— TASK DIRECTIONS —
Within the records that follow, restate exactly the lines from the line with "Q: Is the text italic (slanted)? A: Yes, it" down to the line with "Quick note: underline", including both. Omit the pictures.

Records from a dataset

- - -

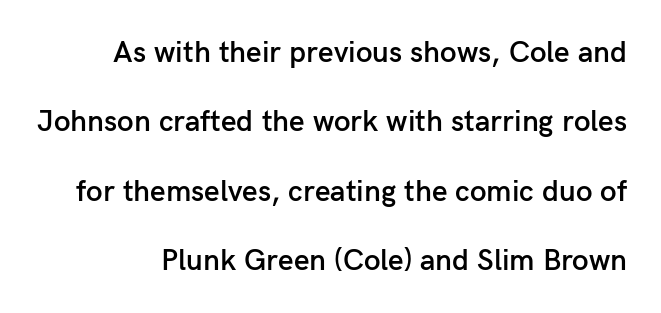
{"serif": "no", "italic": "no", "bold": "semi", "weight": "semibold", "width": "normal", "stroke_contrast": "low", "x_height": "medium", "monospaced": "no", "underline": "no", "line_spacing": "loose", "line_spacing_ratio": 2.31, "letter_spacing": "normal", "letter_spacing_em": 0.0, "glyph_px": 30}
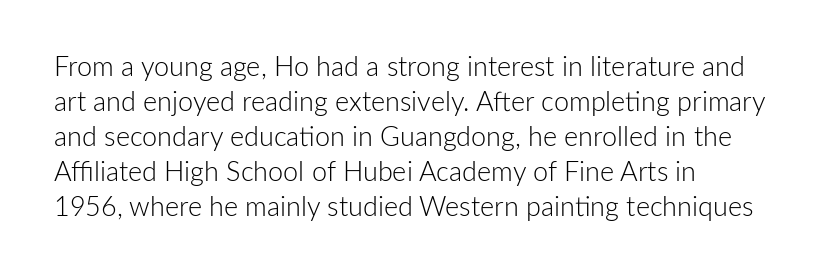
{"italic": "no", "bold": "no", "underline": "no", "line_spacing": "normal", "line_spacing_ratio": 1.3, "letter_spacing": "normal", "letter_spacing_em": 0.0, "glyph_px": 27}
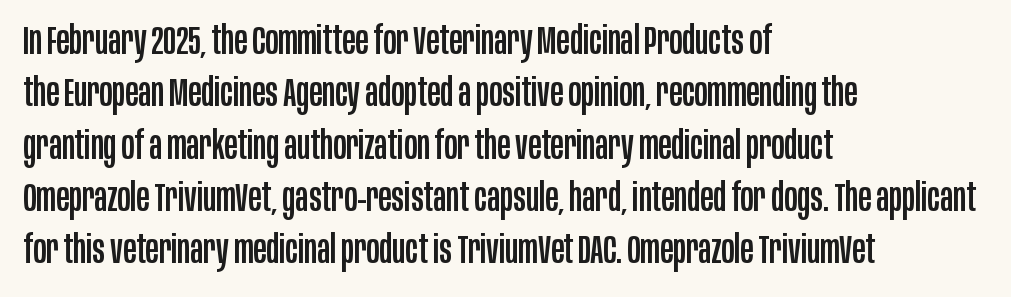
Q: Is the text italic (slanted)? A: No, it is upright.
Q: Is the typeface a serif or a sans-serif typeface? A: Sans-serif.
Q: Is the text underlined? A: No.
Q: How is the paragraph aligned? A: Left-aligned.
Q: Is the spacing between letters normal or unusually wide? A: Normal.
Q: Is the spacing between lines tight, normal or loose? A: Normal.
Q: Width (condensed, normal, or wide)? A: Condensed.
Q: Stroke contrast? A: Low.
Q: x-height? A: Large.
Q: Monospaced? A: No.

- - -

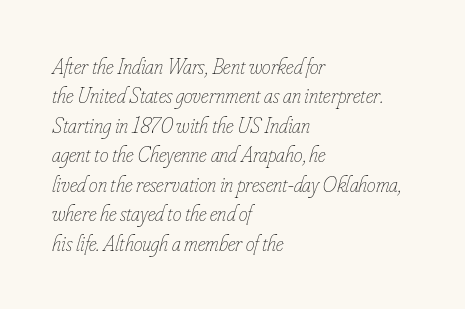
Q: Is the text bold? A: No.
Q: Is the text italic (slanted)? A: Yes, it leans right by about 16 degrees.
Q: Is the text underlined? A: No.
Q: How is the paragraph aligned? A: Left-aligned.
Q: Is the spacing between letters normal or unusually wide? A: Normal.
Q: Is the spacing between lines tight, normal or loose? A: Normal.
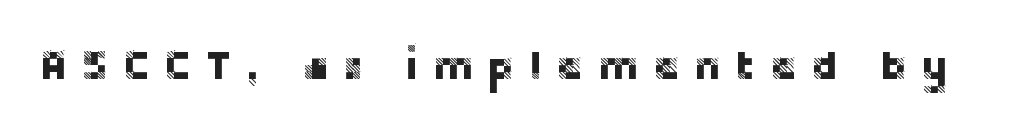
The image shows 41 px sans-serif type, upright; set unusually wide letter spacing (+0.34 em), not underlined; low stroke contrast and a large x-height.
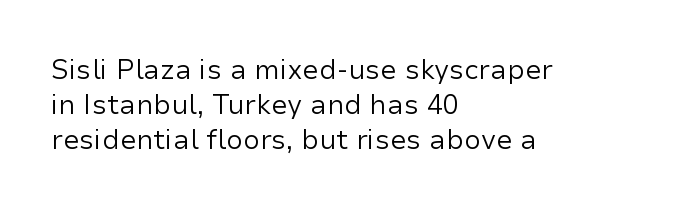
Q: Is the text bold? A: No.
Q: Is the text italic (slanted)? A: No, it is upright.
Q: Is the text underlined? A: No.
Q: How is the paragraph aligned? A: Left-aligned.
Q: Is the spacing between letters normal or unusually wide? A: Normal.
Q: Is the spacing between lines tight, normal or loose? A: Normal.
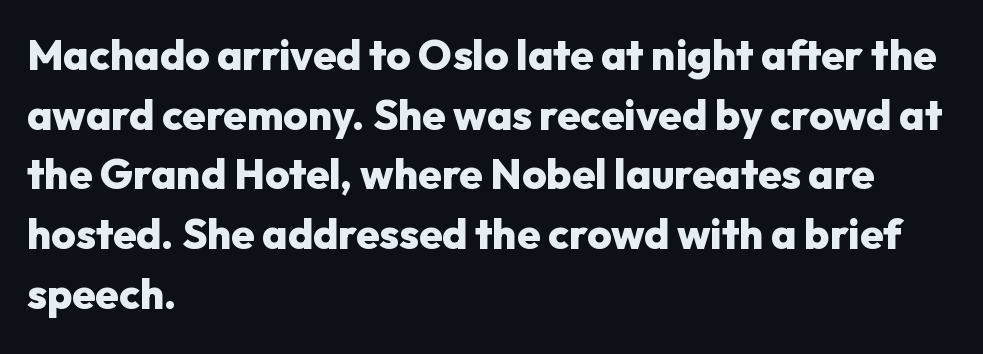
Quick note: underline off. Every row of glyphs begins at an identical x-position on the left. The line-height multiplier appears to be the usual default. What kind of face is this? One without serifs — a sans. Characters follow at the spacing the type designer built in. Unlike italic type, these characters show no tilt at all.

- - -

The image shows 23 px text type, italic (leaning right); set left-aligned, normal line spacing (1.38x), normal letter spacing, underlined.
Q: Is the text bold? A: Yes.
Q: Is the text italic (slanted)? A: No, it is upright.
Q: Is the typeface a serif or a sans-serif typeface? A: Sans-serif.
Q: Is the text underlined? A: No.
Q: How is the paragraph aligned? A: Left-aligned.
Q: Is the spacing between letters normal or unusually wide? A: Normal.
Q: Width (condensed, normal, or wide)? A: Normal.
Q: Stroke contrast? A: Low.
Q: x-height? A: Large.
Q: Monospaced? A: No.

- - -

— OUTPUT FOR THIS TASK —
Q: Is the text italic (slanted)? A: Yes, it leans right by about 16 degrees.
Q: Is the text underlined? A: No.
Q: How is the paragraph aligned? A: Left-aligned.
Q: Is the spacing between letters normal or unusually wide? A: Normal.
Q: Is the spacing between lines tight, normal or loose? A: Normal.
The image shows 41 px sans-serif type, upright; set unusually wide letter spacing (+0.34 em), not underlined; low stroke contrast and a large x-height.
Q: Is the text bold? A: No.
Q: Is the text italic (slanted)? A: No, it is upright.
Q: Is the text underlined? A: No.
Q: How is the paragraph aligned? A: Left-aligned.
Q: Is the spacing between letters normal or unusually wide? A: Normal.
Q: Is the spacing between lines tight, normal or loose? A: Normal.
Quick note: underline off. Every row of glyphs begins at an identical x-position on the left. The line-height multiplier appears to be the usual default. What kind of face is this? One without serifs — a sans. Characters follow at the spacing the type designer built in. Unlike italic type, these characters show no tilt at all.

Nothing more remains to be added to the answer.